Ethereum getting crushed while oil keeps ripping higher is one of the weirdest macro relationships I’ve seen this cycle.

FOR REAL!

Tom Lee pointed out

ETH’s inverse correlation with oil is now at the highest level ever,

The chart is hard to ignore. Oil up, ETH down almost every step of the way lately.

Most people are still looking at Ethereum only from a crypto-native angle. ETF flows, gas fees, Layer 2s, token unlocks, narratives. But the bigger pressure right now feels macro.

When oil spikes this aggressively, markets start pricing inflation risk again. That usually hurts risk assets first, especially something like $ETH which still sits in that “high beta tech” bucket for institutions.

And I think that explains why Ethereum fundamentals and Ethereum price have looked disconnected for months now.

Because fundamentally, Ethereum is probably stronger than it has ever been.

Tokenization is accelerating. Stablecoins are settling trillions. Big institutions are openly building on Ethereum rails. AI-agent conversations are also quietly becoming an ETH story because autonomous systems need on-chain settlement and programmable payments. Even Tom Lee keeps hammering on tokenization and AI as Ethereum’s real long-term driver, not short-term market noise.

But markets don’t care about long-term narratives when macro pressure shows up.
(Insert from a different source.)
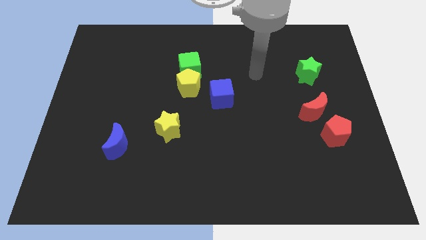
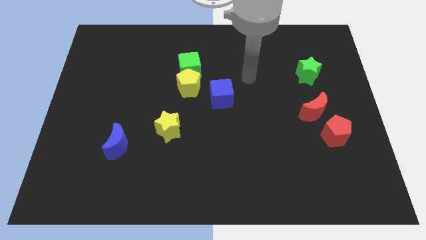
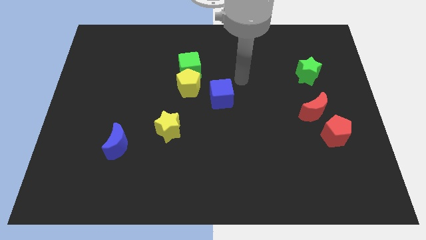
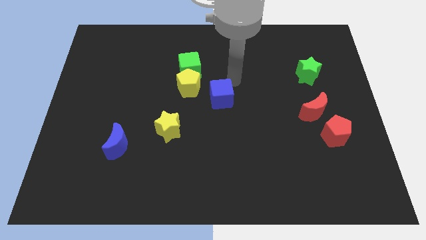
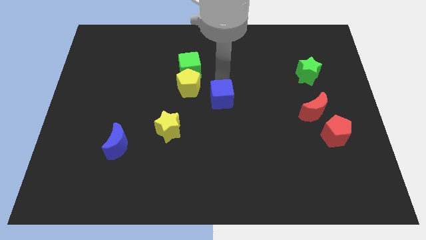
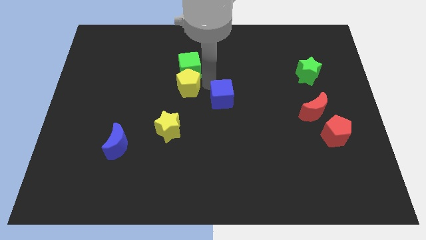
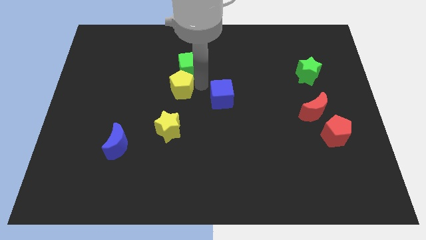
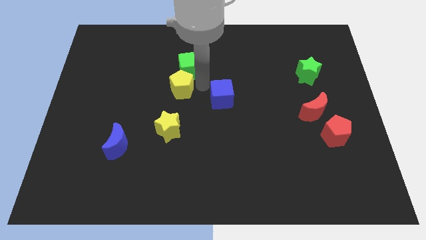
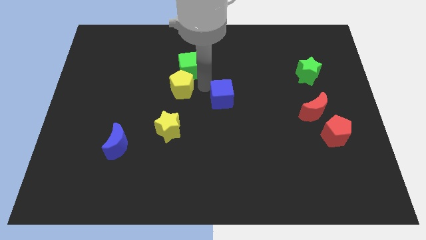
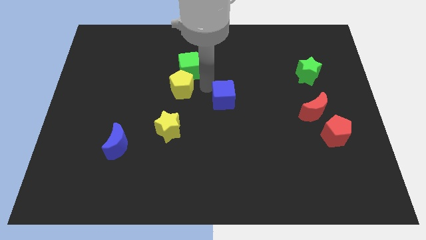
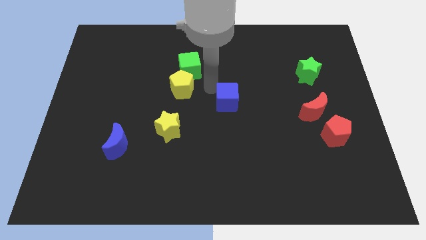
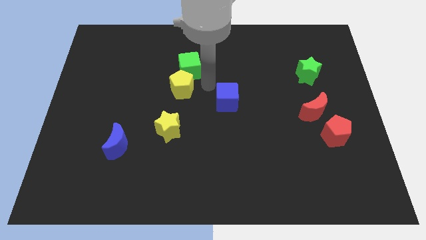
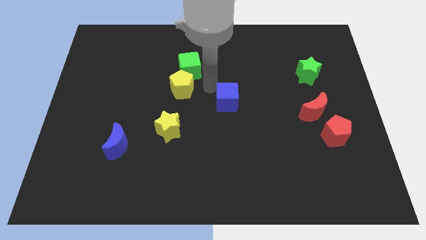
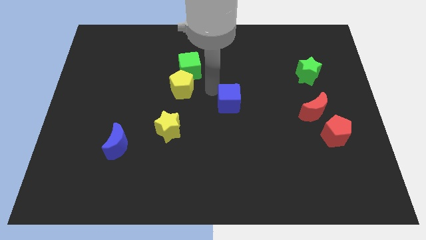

That’s the part newer investors struggle to understand. Great fundamentals do not protect you from liquidity conditions, geopolitics, or energy shocks in the short term.

WHAT I THINK!

People are making a mistake by declaring Ethereum dead because of this underperformance.

To me, this is more like a macro compression phase than a structural collapse.

The market is basically forcing everyone back into Bitcoin safety while oil, yields, and geopolitical tensions stay elevated. That’s why BTC dominance keeps holding while alt rotations die early.

And honestly, the reaction itself tells you how fragile sentiment still is after 2025.

The moment macro risk appears, institutions stop chasing beta and rotate toward the cleanest, most liquid exposure possible. Right now, that’s Bitcoin. Not ETH. Not alts.

But if oil cools down and liquidity conditions improve again, I think Ethereum probably snaps back much harder than people expect.

Because underneath all the price weakness, the infrastructure story around ETH never actually stopped growing.